Encouraging Safety and Efficacy Data from Pivekimab Sunirine Triplet in AML Presented in Oral Session at ASH 2022; Clinical Collaboration with Gilead Announced to Evaluate Pivekimab with Magrolimab in Relapsed/Refractory AML

Announced a Global, Multi-Target License and Option Agreement of ImmunoGen's ADC Technology to Vertex; ImmunoGen to Receive a $15 Million Upfront Payment and is Eligible to Receive Up to $337 Million in Potential Option Fees and Milestone Payments Plus Tiered Royalties on a Per Target Basis

Appointments of Michael Vasconcelles as Executive Vice President, Research, Development, and Medical Affairs, and Daniel Char as Chief Legal Officer, Further Strengthen Management Team

Conference Call to be Held at 8:00 a.m. ET Today

ImmunoGen, Inc. (Nasdaq: IMGN), a leader in the expanding field of antibody-drug conjugates (ADCs) for the treatment of cancer, today reviewed recent progress in the business and reported financial results for the quarter and year ended December 31, 2022.

“We significantly advanced the business on multiple fronts over the last 12 months, most notably with the accelerated approval and launch of ELAHERE for patients with platinum-resistant ovarian cancer,” said Mark Enyedy, ImmunoGen’s President and Chief Executive Officer. “We have seen broad and deep adoption of ELAHERE to date, with FRα testing, managed care coverage, and provider access all exceeding our expectations. Building upon this progress and in line with our goal of obtaining full approval for ELAHERE in the US and expanding into Europe, we will imminently reach the requisite number of PFS events in the confirmatory MIRASOL trial and expect to announce top-line data in the second quarter. In parallel, we are pursuing our broader development program in support of moving ELAHERE into platinum-sensitive disease and positioning ELAHERE as the combination agent of choice in ovarian cancer.”

Enyedy continued, “Turning to our second pivotal program, pivekimab sunirine, we presented promising findings from our triplet expansion cohorts in AML in an oral presentation at ASH in December, and continued enrollment in the pivotal CADENZA trial in frontline BPDCN with top-line data in de novo patients anticipated in 2024. We are also progressing our earlier-stage portfolio with the completion of dose escalation in the Phase 1 study of IMGC936, while also having dosed the first patient in our Phase 1 trial for IMGN151 in January.

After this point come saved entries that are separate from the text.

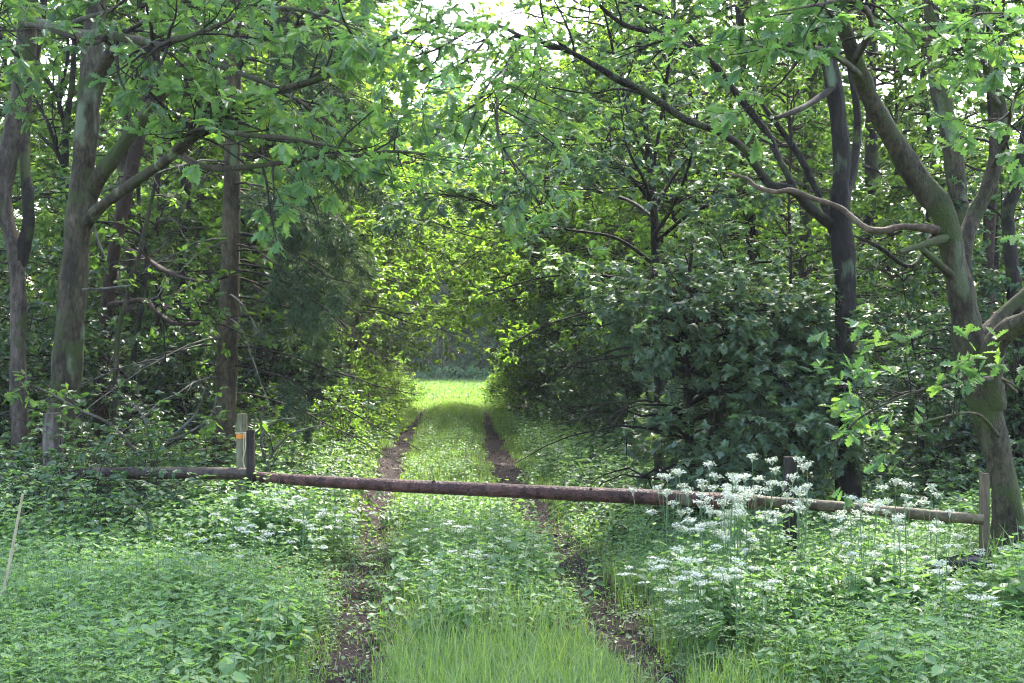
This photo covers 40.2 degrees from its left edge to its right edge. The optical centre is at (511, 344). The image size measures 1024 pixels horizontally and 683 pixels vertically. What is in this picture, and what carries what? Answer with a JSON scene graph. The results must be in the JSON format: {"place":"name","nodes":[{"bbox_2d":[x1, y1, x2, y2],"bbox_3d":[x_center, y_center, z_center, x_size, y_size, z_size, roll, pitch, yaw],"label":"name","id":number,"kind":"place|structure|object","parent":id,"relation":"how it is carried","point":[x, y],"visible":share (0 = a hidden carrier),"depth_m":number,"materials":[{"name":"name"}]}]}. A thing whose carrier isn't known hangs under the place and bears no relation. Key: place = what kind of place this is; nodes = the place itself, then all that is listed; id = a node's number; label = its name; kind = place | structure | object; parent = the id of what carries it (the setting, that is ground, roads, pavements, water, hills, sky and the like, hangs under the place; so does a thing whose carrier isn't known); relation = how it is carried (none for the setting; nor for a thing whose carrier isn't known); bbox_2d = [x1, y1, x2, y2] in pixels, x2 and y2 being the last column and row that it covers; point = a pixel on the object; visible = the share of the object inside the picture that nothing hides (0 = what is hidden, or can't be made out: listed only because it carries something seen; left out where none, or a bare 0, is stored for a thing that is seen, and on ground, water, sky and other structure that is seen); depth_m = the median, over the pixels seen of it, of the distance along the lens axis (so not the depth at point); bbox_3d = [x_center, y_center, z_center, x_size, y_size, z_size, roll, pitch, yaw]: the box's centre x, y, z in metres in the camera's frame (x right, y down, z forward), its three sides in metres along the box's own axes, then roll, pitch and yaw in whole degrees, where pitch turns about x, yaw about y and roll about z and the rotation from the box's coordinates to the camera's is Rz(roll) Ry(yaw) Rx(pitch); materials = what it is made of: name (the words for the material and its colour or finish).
{"place":"outdoors","nodes":[
{"label":"outdoors","id":0,"kind":"place"},
{"bbox_2d":[295,411,676,682],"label":"path","id":1,"kind":"structure","parent":0,"point":[495,441],"depth_m":10.10,"materials":[{"name":"soil"}]},
{"bbox_2d":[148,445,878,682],"bbox_3d":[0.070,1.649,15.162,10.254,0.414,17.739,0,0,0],"label":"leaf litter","id":2,"kind":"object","parent":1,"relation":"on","point":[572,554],"visible":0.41,"depth_m":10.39,"materials":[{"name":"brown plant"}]},
{"bbox_2d":[0,0,1023,353],"label":"sky","id":3,"kind":"structure","parent":0,"point":[518,25],"materials":[{"name":"white"}]},
{"bbox_2d":[2,376,1023,682],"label":"ground","id":4,"kind":"structure","parent":0,"point":[674,666],"depth_m":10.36,"materials":[{"name":"green plant"}]},
{"bbox_2d":[0,260,93,446],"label":"shrub","id":5,"kind":"object","parent":4,"relation":"on","point":[31,323],"visible":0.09,"depth_m":18.25,"materials":[{"name":"green plant"}]},
{"bbox_2d":[0,295,94,462],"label":"shrub","id":6,"kind":"object","parent":4,"relation":"on","point":[2,393],"visible":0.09,"depth_m":15.43,"materials":[{"name":"green plant"}]},
{"bbox_2d":[43,413,63,492],"bbox_3d":[-4.129,1.197,12.599,0.178,1.155,0.184,0,0,0],"label":"wooden post","id":7,"kind":"object","parent":4,"relation":"on","point":[52,419],"visible":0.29,"depth_m":12.52,"materials":[{"name":"grey wood"}]},
{"bbox_2d":[0,2,112,398],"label":"young tree","id":8,"kind":"object","parent":4,"relation":"on","point":[35,113],"visible":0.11,"depth_m":22.14,"materials":[{"name":"green plant"}]},
{"bbox_2d":[0,159,113,480],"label":"shrub","id":9,"kind":"object","parent":4,"relation":"on","point":[56,249],"visible":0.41,"depth_m":15.67,"materials":[{"name":"green plant"}]},
{"bbox_2d":[0,104,137,402],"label":"young tree","id":10,"kind":"object","parent":4,"relation":"on","point":[38,150],"visible":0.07,"depth_m":25.90,"materials":[{"name":"green plant"}]},
{"bbox_2d":[0,261,202,464],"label":"shrub","id":11,"kind":"object","parent":4,"relation":"on","point":[92,362],"visible":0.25,"depth_m":16.04,"materials":[{"name":"green plant"}]},
{"bbox_2d":[12,0,193,247],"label":"forked tree","id":12,"kind":"object","parent":4,"relation":"on","point":[67,127],"visible":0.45,"depth_m":18.47,"materials":[{"name":"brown plant"}]},
{"bbox_2d":[2,370,225,481],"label":"oak sapling","id":13,"kind":"object","parent":4,"relation":"on","point":[60,396],"visible":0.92,"depth_m":12.52,"materials":[{"name":"green plant"}]},
{"bbox_2d":[0,0,281,474],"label":"twisted tree","id":14,"kind":"object","parent":4,"relation":"on","point":[34,26],"visible":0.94,"depth_m":11.36,"materials":[{"name":"green plant"}]},
{"bbox_2d":[95,111,188,454],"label":"sapling","id":15,"kind":"object","parent":4,"relation":"on","point":[109,229],"visible":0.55,"depth_m":15.48,"materials":[{"name":"green plant"}]},
{"bbox_2d":[27,56,279,440],"bbox_3d":[-5.306,-1.494,21.159,3.884,6.488,3.657,0,0,-20],"label":"young tree","id":16,"kind":"object","parent":4,"relation":"on","point":[200,197],"visible":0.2,"depth_m":21.09,"materials":[{"name":"green plant"}]},
{"bbox_2d":[0,0,326,451],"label":"young tree","id":17,"kind":"object","parent":4,"relation":"on","point":[56,228],"visible":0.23,"depth_m":18.84,"materials":[{"name":"green plant"}]},
{"bbox_2d":[68,0,287,446],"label":"leaning tree","id":18,"kind":"object","parent":4,"relation":"on","point":[116,243],"visible":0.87,"depth_m":15.68,"materials":[{"name":"green plant"}]},
{"bbox_2d":[91,280,274,455],"bbox_3d":[-4.437,0.493,18.856,2.628,2.733,2.545,0,0,-16],"label":"shrub","id":19,"kind":"object","parent":4,"relation":"on","point":[160,374],"visible":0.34,"depth_m":18.27,"materials":[{"name":"green plant"}]},
{"bbox_2d":[0,0,374,431],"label":"woodland tree","id":20,"kind":"object","parent":4,"relation":"on","point":[121,166],"visible":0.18,"depth_m":20.64,"materials":[{"name":"green plant"}]},
{"bbox_2d":[0,0,442,476],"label":"spruce tree","id":21,"kind":"object","parent":4,"relation":"on","point":[342,254],"visible":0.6,"depth_m":16.18,"materials":[{"name":"green plant"}]},
{"bbox_2d":[26,46,419,400],"bbox_3d":[-4.609,-1.654,22.954,6.132,6.829,6.595,0,0,-8],"label":"overhanging tree","id":22,"kind":"object","parent":4,"relation":"on","point":[379,248],"visible":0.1,"depth_m":22.29,"materials":[{"name":"green plant"}]},
{"bbox_2d":[40,0,411,410],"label":"woodland tree","id":23,"kind":"object","parent":4,"relation":"on","point":[387,13],"visible":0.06,"depth_m":25.60,"materials":[{"name":"green plant"}]},
{"bbox_2d":[235,414,246,512],"bbox_3d":[-2.266,1.231,11.746,0.113,1.292,0.121,0,0,0],"label":"wooden post","id":24,"kind":"object","parent":4,"relation":"on","point":[241,427],"visible":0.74,"depth_m":11.71,"materials":[{"name":"grey wood"}]},
{"bbox_2d":[66,467,245,479],"bbox_3d":[-3.008,1.097,11.880,1.814,0.152,0.133,0,0,22],"label":"barrier pole","id":25,"kind":"object","parent":24,"relation":"attached to","point":[226,473],"visible":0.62,"depth_m":11.73,"materials":[{"name":"brown wood"}]},
{"bbox_2d":[167,3,327,441],"bbox_3d":[-3.967,-3.373,21.422,5.845,10.324,3.853,0,0,17],"label":"dark trunk","id":26,"kind":"object","parent":4,"relation":"on","point":[187,186],"visible":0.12,"depth_m":20.43,"materials":[{"name":"brown plant"}]},
{"bbox_2d":[246,430,254,510],"bbox_3d":[-2.131,1.288,11.420,0.062,1.177,0.062,0,0,0],"label":"wooden post","id":27,"kind":"object","parent":4,"relation":"on","point":[250,452],"visible":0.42,"depth_m":11.39,"materials":[{"name":"wood"}]},
{"bbox_2d":[254,472,758,510],"bbox_3d":[-0.309,1.057,10.257,4.451,0.158,0.202,0,0,33],"label":"barrier pole","id":28,"kind":"object","parent":27,"relation":"attached to","point":[601,494],"visible":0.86,"depth_m":9.99,"materials":[{"name":"brown wood"}]},
{"bbox_2d":[758,496,983,524],"bbox_3d":[2.238,1.063,9.005,1.517,0.154,0.093,0,0,15],"label":"barrier pole","id":29,"kind":"object","parent":28,"relation":"attached to","point":[835,506],"visible":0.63,"depth_m":8.93,"materials":[{"name":"brown wood"}]},
{"bbox_2d":[156,48,382,415],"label":"young tree","id":30,"kind":"object","parent":4,"relation":"on","point":[259,279],"visible":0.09,"depth_m":24.94,"materials":[{"name":"green plant"}]},
{"bbox_2d":[39,0,507,479],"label":"oak tree","id":31,"kind":"object","parent":4,"relation":"on","point":[84,211],"visible":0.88,"depth_m":10.69,"materials":[{"name":"green plant"}]},
{"bbox_2d":[235,387,323,456],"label":"shrub","id":32,"kind":"object","parent":4,"relation":"on","point":[261,402],"visible":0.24,"depth_m":19.36,"materials":[{"name":"green plant"}]},
{"bbox_2d":[190,221,370,433],"bbox_3d":[-4.070,-0.351,24.812,3.638,4.317,3.487,0,0,-29],"label":"shrub","id":33,"kind":"object","parent":4,"relation":"on","point":[333,381],"visible":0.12,"depth_m":24.68,"materials":[{"name":"green plant"}]},
{"bbox_2d":[31,0,530,407],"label":"overhanging tree","id":34,"kind":"object","parent":4,"relation":"on","point":[411,174],"visible":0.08,"depth_m":26.80,"materials":[{"name":"green plant"}]},
{"bbox_2d":[137,66,479,414],"bbox_3d":[-4.572,-2.301,28.513,7.816,8.195,7.268,0,0,-5],"label":"overhanging tree","id":35,"kind":"object","parent":4,"relation":"on","point":[402,259],"visible":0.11,"depth_m":28.80,"materials":[{"name":"green plant"}]},
{"bbox_2d":[235,282,383,458],"bbox_3d":[-3.442,0.419,22.417,2.793,2.874,2.885,0,0,-2],"label":"shrub","id":36,"kind":"object","parent":4,"relation":"on","point":[285,363],"visible":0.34,"depth_m":22.24,"materials":[{"name":"green plant"}]},
{"bbox_2d":[95,0,537,401],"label":"overhanging tree","id":37,"kind":"object","parent":4,"relation":"on","point":[412,162],"visible":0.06,"depth_m":30.72,"materials":[{"name":"green plant"}]},
{"bbox_2d":[149,31,494,389],"bbox_3d":[-4.960,-2.989,35.544,8.776,9.560,8.161,0,0,-8],"label":"overhanging tree","id":38,"kind":"object","parent":4,"relation":"on","point":[442,300],"visible":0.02,"depth_m":34.54,"materials":[{"name":"green plant"}]},
{"bbox_2d":[299,378,381,462],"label":"shrub","id":39,"kind":"object","parent":4,"relation":"on","point":[341,426],"visible":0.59,"depth_m":21.07,"materials":[{"name":"green plant"}]},
{"bbox_2d":[258,94,436,372],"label":"young tree","id":40,"kind":"object","parent":4,"relation":"on","point":[419,355],"visible":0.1,"depth_m":37.05,"materials":[{"name":"green plant"}]},
{"bbox_2d":[278,131,428,392],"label":"young tree","id":41,"kind":"object","parent":4,"relation":"on","point":[370,341],"visible":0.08,"depth_m":34.70,"materials":[{"name":"green plant"}]},
{"bbox_2d":[153,0,560,393],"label":"overhanging tree","id":42,"kind":"object","parent":4,"relation":"on","point":[395,9],"visible":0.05,"depth_m":36.00,"materials":[{"name":"green plant"}]},
{"bbox_2d":[325,362,406,444],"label":"shrub","id":43,"kind":"object","parent":4,"relation":"on","point":[372,417],"visible":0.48,"depth_m":23.97,"materials":[{"name":"green plant"}]},
{"bbox_2d":[339,355,415,432],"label":"shrub","id":44,"kind":"object","parent":4,"relation":"on","point":[396,404],"visible":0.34,"depth_m":27.43,"materials":[{"name":"green plant"}]},
{"bbox_2d":[283,105,491,356],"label":"overhanging tree","id":45,"kind":"object","parent":4,"relation":"on","point":[423,268],"visible":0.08,"depth_m":37.67,"materials":[{"name":"green plant"}]},
{"bbox_2d":[353,80,487,345],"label":"overhanging tree","id":46,"kind":"object","parent":4,"relation":"on","point":[410,311],"visible":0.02,"depth_m":40.45,"materials":[{"name":"green plant"}]},
{"bbox_2d":[30,61,857,380],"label":"distant woodland","id":47,"kind":"object","parent":4,"relation":"on","point":[466,365],"visible":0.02,"depth_m":71.56,"materials":[{"name":"green plant"}]},
{"bbox_2d":[400,105,590,336],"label":"overhanging tree","id":48,"kind":"object","parent":4,"relation":"on","point":[469,250],"visible":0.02,"depth_m":38.48,"materials":[{"name":"green plant"}]},
{"bbox_2d":[0,402,1023,682],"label":"nettle undergrowth","id":49,"kind":"object","parent":4,"relation":"on","point":[52,606],"visible":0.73,"depth_m":8.63,"materials":[{"name":"green plant"}]},
{"bbox_2d":[0,372,1023,566],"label":"bramble undergrowth","id":50,"kind":"object","parent":4,"relation":"on","point":[76,458],"visible":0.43,"depth_m":12.42,"materials":[{"name":"green plant"}]},
{"bbox_2d":[489,348,548,412],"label":"shrub","id":51,"kind":"object","parent":4,"relation":"on","point":[515,402],"visible":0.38,"depth_m":35.73,"materials":[{"name":"green plant"}]},
{"bbox_2d":[393,38,661,407],"bbox_3d":[1.477,-2.973,36.030,9.213,9.560,8.567,0,0,-25],"label":"overhanging tree","id":52,"kind":"object","parent":4,"relation":"on","point":[493,305],"visible":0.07,"depth_m":34.66,"materials":[{"name":"green plant"}]},
{"bbox_2d":[499,296,576,417],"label":"shrub","id":53,"kind":"object","parent":4,"relation":"on","point":[518,392],"visible":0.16,"depth_m":32.41,"materials":[{"name":"green plant"}]},
{"bbox_2d":[508,318,607,434],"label":"shrub","id":54,"kind":"object","parent":4,"relation":"on","point":[532,384],"visible":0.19,"depth_m":27.99,"materials":[{"name":"green plant"}]},
{"bbox_2d":[367,0,750,343],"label":"overhanging tree","id":55,"kind":"object","parent":4,"relation":"on","point":[487,16],"visible":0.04,"depth_m":35.61,"materials":[{"name":"green plant"}]},
{"bbox_2d":[508,264,623,425],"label":"shrub","id":56,"kind":"object","parent":4,"relation":"on","point":[545,318],"visible":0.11,"depth_m":27.25,"materials":[{"name":"green plant"}]},
{"bbox_2d":[526,317,629,441],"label":"shrub","id":57,"kind":"object","parent":4,"relation":"on","point":[569,409],"visible":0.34,"depth_m":24.07,"materials":[{"name":"green plant"}]},
{"bbox_2d":[485,0,674,390],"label":"young tree","id":58,"kind":"object","parent":4,"relation":"on","point":[530,314],"visible":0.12,"depth_m":29.86,"materials":[{"name":"green plant"}]},
{"bbox_2d":[371,0,804,485],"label":"maple tree","id":59,"kind":"object","parent":4,"relation":"on","point":[601,170],"visible":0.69,"depth_m":14.30,"materials":[{"name":"green plant"}]},
{"bbox_2d":[321,0,892,523],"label":"arching tree","id":60,"kind":"object","parent":4,"relation":"on","point":[837,224],"visible":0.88,"depth_m":10.38,"materials":[{"name":"green plant"}]},
{"bbox_2d":[548,95,708,432],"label":"young tree","id":61,"kind":"object","parent":4,"relation":"on","point":[623,147],"visible":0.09,"depth_m":25.40,"materials":[{"name":"green plant"}]},
{"bbox_2d":[564,322,697,462],"bbox_3d":[1.815,0.660,20.405,2.017,2.265,1.933,0,0,21],"label":"shrub","id":62,"kind":"object","parent":4,"relation":"on","point":[598,399],"visible":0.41,"depth_m":20.43,"materials":[{"name":"green plant"}]},
{"bbox_2d":[477,27,787,345],"bbox_3d":[2.645,-2.329,28.433,6.705,8.195,7.210,0,0,7],"label":"overhanging tree","id":63,"kind":"object","parent":4,"relation":"on","point":[563,68],"visible":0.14,"depth_m":28.26,"materials":[{"name":"green plant"}]},
{"bbox_2d":[409,0,857,301],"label":"overhanging tree","id":64,"kind":"object","parent":4,"relation":"on","point":[462,284],"visible":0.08,"depth_m":30.12,"materials":[{"name":"green plant"}]},
{"bbox_2d":[533,202,758,449],"bbox_3d":[2.148,-0.221,22.221,3.605,4.069,3.762,0,0,13],"label":"shrub","id":65,"kind":"object","parent":4,"relation":"on","point":[573,355],"visible":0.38,"depth_m":21.58,"materials":[{"name":"green plant"}]},
{"bbox_2d":[588,285,756,471],"bbox_3d":[2.470,0.415,18.652,2.894,2.860,2.802,0,0,-13],"label":"shrub","id":66,"kind":"object","parent":4,"relation":"on","point":[615,452],"visible":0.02,"depth_m":18.19,"materials":[{"name":"green plant"}]},
{"bbox_2d":[641,468,706,617],"bbox_3d":[1.095,1.294,9.045,0.522,0.982,0.437,0,0,7],"label":"cow parsley","id":67,"kind":"object","parent":4,"relation":"on","point":[667,503],"visible":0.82,"depth_m":9.03,"materials":[{"name":"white plant"}]},
{"bbox_2d":[586,95,763,405],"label":"young tree","id":68,"kind":"object","parent":4,"relation":"on","point":[663,155],"visible":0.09,"depth_m":22.45,"materials":[{"name":"green plant"}]},
{"bbox_2d":[648,558,710,673],"bbox_3d":[0.938,1.488,7.718,0.394,0.630,0.471,0,0,9],"label":"cow parsley","id":69,"kind":"object","parent":4,"relation":"on","point":[689,629],"visible":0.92,"depth_m":7.68,"materials":[{"name":"green plant"}]},
{"bbox_2d":[556,0,818,432],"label":"woodland tree","id":70,"kind":"object","parent":4,"relation":"on","point":[702,93],"visible":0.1,"depth_m":25.84,"materials":[{"name":"green plant"}]},
{"bbox_2d":[468,17,908,440],"bbox_3d":[2.865,-1.644,22.298,6.389,6.829,5.941,0,0,40],"label":"overhanging tree","id":71,"kind":"object","parent":4,"relation":"on","point":[639,230],"visible":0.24,"depth_m":21.93,"materials":[{"name":"green plant"}]},
{"bbox_2d":[654,522,728,658],"bbox_3d":[1.016,1.389,7.764,0.461,0.795,0.392,0,0,28],"label":"cow parsley","id":72,"kind":"object","parent":4,"relation":"on","point":[699,603],"visible":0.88,"depth_m":7.75,"materials":[{"name":"green plant"}]},
{"bbox_2d":[655,570,737,665],"bbox_3d":[1.014,1.509,7.659,0.458,0.543,0.353,0,0,-16],"label":"cow parsley","id":73,"kind":"object","parent":4,"relation":"on","point":[690,601],"visible":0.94,"depth_m":7.65,"materials":[{"name":"green plant"}]},
{"bbox_2d":[620,0,778,300],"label":"dark trunk","id":74,"kind":"object","parent":4,"relation":"on","point":[753,255],"visible":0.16,"depth_m":21.94,"materials":[{"name":"brown plant"}]},
{"bbox_2d":[515,230,920,543],"bbox_3d":[1.880,0.483,12.569,3.330,2.950,3.152,0,0,31],"label":"maple bush","id":75,"kind":"object","parent":4,"relation":"on","point":[778,397],"visible":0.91,"depth_m":12.13,"materials":[{"name":"green plant"}]},
{"bbox_2d":[695,471,773,640],"bbox_3d":[1.325,1.271,8.405,0.527,1.014,0.441,0,0,-38],"label":"cow parsley","id":76,"kind":"object","parent":4,"relation":"on","point":[724,503],"visible":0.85,"depth_m":8.38,"materials":[{"name":"white plant"}]},
{"bbox_2d":[692,556,776,667],"bbox_3d":[1.216,1.460,7.584,0.469,0.616,0.362,0,0,39],"label":"cow parsley","id":77,"kind":"object","parent":4,"relation":"on","point":[715,574],"visible":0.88,"depth_m":7.58,"materials":[{"name":"green plant"}]},
{"bbox_2d":[709,566,783,664],"bbox_3d":[1.310,1.492,7.695,0.384,0.549,0.460,0,0,-12],"label":"cow parsley","id":78,"kind":"object","parent":4,"relation":"on","point":[768,596],"visible":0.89,"depth_m":7.66,"materials":[{"name":"green plant"}]},
{"bbox_2d":[738,453,806,580],"bbox_3d":[1.627,1.237,8.868,0.534,1.066,0.412,0,0,14],"label":"cow parsley","id":79,"kind":"object","parent":4,"relation":"on","point":[784,493],"visible":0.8,"depth_m":8.84,"materials":[{"name":"white plant"}]},
{"bbox_2d":[644,8,926,447],"bbox_3d":[3.506,-1.253,17.335,3.337,6.022,3.142,0,0,-40],"label":"young tree","id":80,"kind":"object","parent":4,"relation":"on","point":[808,127],"visible":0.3,"depth_m":17.46,"materials":[{"name":"green plant"}]},
{"bbox_2d":[783,456,796,564],"bbox_3d":[2.005,1.343,10.100,0.083,1.058,0.083,0,0,0],"label":"wooden post","id":81,"kind":"object","parent":4,"relation":"on","point":[789,465],"visible":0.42,"depth_m":10.06,"materials":[{"name":"wood"}]},
{"bbox_2d":[605,0,977,302],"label":"woodland tree","id":82,"kind":"object","parent":4,"relation":"on","point":[807,218],"visible":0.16,"depth_m":21.53,"materials":[{"name":"green plant"}]},
{"bbox_2d":[738,75,864,299],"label":"young tree","id":83,"kind":"object","parent":4,"relation":"on","point":[796,136],"visible":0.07,"depth_m":26.85,"materials":[{"name":"green plant"}]},
{"bbox_2d":[721,0,906,360],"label":"dark trunk","id":84,"kind":"object","parent":4,"relation":"on","point":[871,154],"visible":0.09,"depth_m":24.91,"materials":[{"name":"brown plant"}]},
{"bbox_2d":[648,0,1023,560],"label":"oak tree","id":85,"kind":"object","parent":4,"relation":"on","point":[979,352],"visible":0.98,"depth_m":8.30,"materials":[{"name":"green plant"}]},
{"bbox_2d":[710,0,973,470],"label":"grey tree","id":86,"kind":"object","parent":4,"relation":"on","point":[953,160],"visible":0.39,"depth_m":15.42,"materials":[{"name":"grey plant"}]},
{"bbox_2d":[815,494,883,596],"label":"cow parsley","id":87,"kind":"object","parent":4,"relation":"on","point":[851,554],"visible":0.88,"depth_m":8.33,"materials":[{"name":"white plant"}]},
{"bbox_2d":[767,220,953,457],"bbox_3d":[4.939,0.001,18.762,2.981,3.372,3.110,0,0,-12],"label":"shrub","id":88,"kind":"object","parent":4,"relation":"on","point":[910,295],"visible":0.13,"depth_m":18.61,"materials":[{"name":"green plant"}]},
{"bbox_2d":[728,0,1015,437],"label":"young tree","id":89,"kind":"object","parent":4,"relation":"on","point":[897,75],"visible":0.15,"depth_m":21.46,"materials":[{"name":"green plant"}]},
{"bbox_2d":[771,0,1006,301],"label":"woodland tree","id":90,"kind":"object","parent":4,"relation":"on","point":[879,164],"visible":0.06,"depth_m":32.75,"materials":[{"name":"green plant"}]},
{"bbox_2d":[808,230,1023,490],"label":"shrub","id":91,"kind":"object","parent":4,"relation":"on","point":[912,323],"visible":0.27,"depth_m":14.78,"materials":[{"name":"green plant"}]},
{"bbox_2d":[814,0,1023,412],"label":"woodland tree","id":92,"kind":"object","parent":4,"relation":"on","point":[891,105],"visible":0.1,"depth_m":27.49,"materials":[{"name":"green plant"}]},
{"bbox_2d":[821,0,1023,389],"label":"young tree","id":93,"kind":"object","parent":4,"relation":"on","point":[881,193],"visible":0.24,"depth_m":18.57,"materials":[{"name":"green plant"}]},
{"bbox_2d":[830,303,1023,508],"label":"shrub","id":94,"kind":"object","parent":4,"relation":"on","point":[941,430],"visible":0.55,"depth_m":13.22,"materials":[{"name":"green plant"}]},
{"bbox_2d":[855,80,1005,376],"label":"young tree","id":95,"kind":"object","parent":4,"relation":"on","point":[904,134],"visible":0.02,"depth_m":29.54,"materials":[{"name":"green plant"}]},
{"bbox_2d":[868,0,1004,467],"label":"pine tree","id":96,"kind":"object","parent":4,"relation":"on","point":[990,227],"visible":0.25,"depth_m":17.45,"materials":[{"name":"brown plant"}]},
{"bbox_2d":[863,153,1023,468],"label":"shrub","id":97,"kind":"object","parent":4,"relation":"on","point":[978,251],"visible":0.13,"depth_m":15.36,"materials":[{"name":"green plant"}]},
{"bbox_2d":[874,266,1023,496],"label":"shrub","id":98,"kind":"object","parent":4,"relation":"on","point":[1017,399],"visible":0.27,"depth_m":13.96,"materials":[{"name":"green plant"}]},
{"bbox_2d":[874,115,1023,373],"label":"young tree","id":99,"kind":"object","parent":4,"relation":"on","point":[974,157],"visible":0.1,"depth_m":25.33,"materials":[{"name":"green plant"}]},
{"bbox_2d":[936,198,1023,466],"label":"shrub","id":100,"kind":"object","parent":4,"relation":"on","point":[992,287],"visible":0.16,"depth_m":15.33,"materials":[{"name":"green plant"}]},
{"bbox_2d":[979,473,989,559],"bbox_3d":[3.019,1.335,8.950,0.054,1.016,0.054,0,0,0],"label":"wooden post","id":101,"kind":"object","parent":4,"relation":"on","point":[984,494],"visible":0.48,"depth_m":8.92,"materials":[{"name":"grey wood"}]},
{"bbox_2d":[1001,120,1023,467],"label":"edge tree","id":102,"kind":"object","parent":4,"relation":"on","point":[1010,252],"visible":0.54,"depth_m":14.45,"materials":[{"name":"brown plant"}]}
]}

Combining our commitment to advance our pipeline of novel ADCs along with driving the commercial uptake of ELAHERE in the US, we are well positioned for another exciting and productive year.”

RECENT PROGRESS

ELAHERE (mirvetuximab soravtansine-gynx)

• Received US Food and Drug Administration (FDA) accelerated approval of ELAHERE for folate receptor alpha (FRα)-positive platinum-resistant ovarian cancer (PROC) on November 14, 2022.
• Generated $2.6 million in net sales for the fourth quarter of 2022.
• ELAHERE monotherapy and in combination with bevacizumab included in the National Comprehensive Cancer Network (NCCN) Clinical Practice Guidelines and compendium.

Clinical Pipeline

• Published manuscript on the safety and efficacy of mirvetuximab in PROC in the SORAYA trial in the Journal of Clinical Oncology.
• Published manuscript on the safety and efficacy of mirvetuximab in combination with bevacizumab in PROC in Gynecologic Oncology.
• Completed enrollment in PICCOLO, a single-arm study of mirvetuximab monotherapy in FRα-high recurrent platinum-sensitive ovarian cancer (PSOC).
• Presented data from expansion cohorts in the Phase 1b/2 study evaluating the pivekimab sunirine (pivekimab) triplet with Vidaza^® (azacitidine) and Venclexta^® (venetoclax) in relapsed/refractory (R/R) and initial data in frontline unfit acute myeloid leukemia (AML) in an oral presentation at the 2022 American Society of Hematology (ASH) Annual Meeting in December.
• Progressed the pivotal Phase 2 CADENZA study of pivekimab sunirine (pivekimab) in frontline and relapsed/refractory (R/R) blastic plasmacytoid dendritic cell neoplasm (BPDCN).
• Completed dose escalation in the Phase 1 study of IMGC936 in multiple solid tumor types and initiated expansion cohorts in triple-negative breast cancer (TNBC) and non-small cell lung cancer (NSCLC).
• Enrolled the first patient in the Phase 1 study of IMGN151 in January 2023.

Corporate Development

• Announced a global, multi-target license and option agreement granting Vertex Pharmaceuticals rights to conduct research using ImmunoGen's ADC technology to discover novel targeted conditioning agents for use with gene editing in exchange for a $15 million upfront payment and up to $337 million in potential option exercise fees, development and commercial milestones, and tiered royalties on a per target basis.
• Announced a clinical collaboration with Gilead to evaluate the safety and anti-leukemia activity of pivekimab in combination with magrolimab, a potential first-in-class CD47 inhibitor, in patients with R/R CD123-positive AML.
• Appointed Michael Vasconcelles, MD, as Executive Vice President, Research, Development, and Medical Affairs, and Daniel Char, JD, as Senior Vice President and Chief Legal Officer.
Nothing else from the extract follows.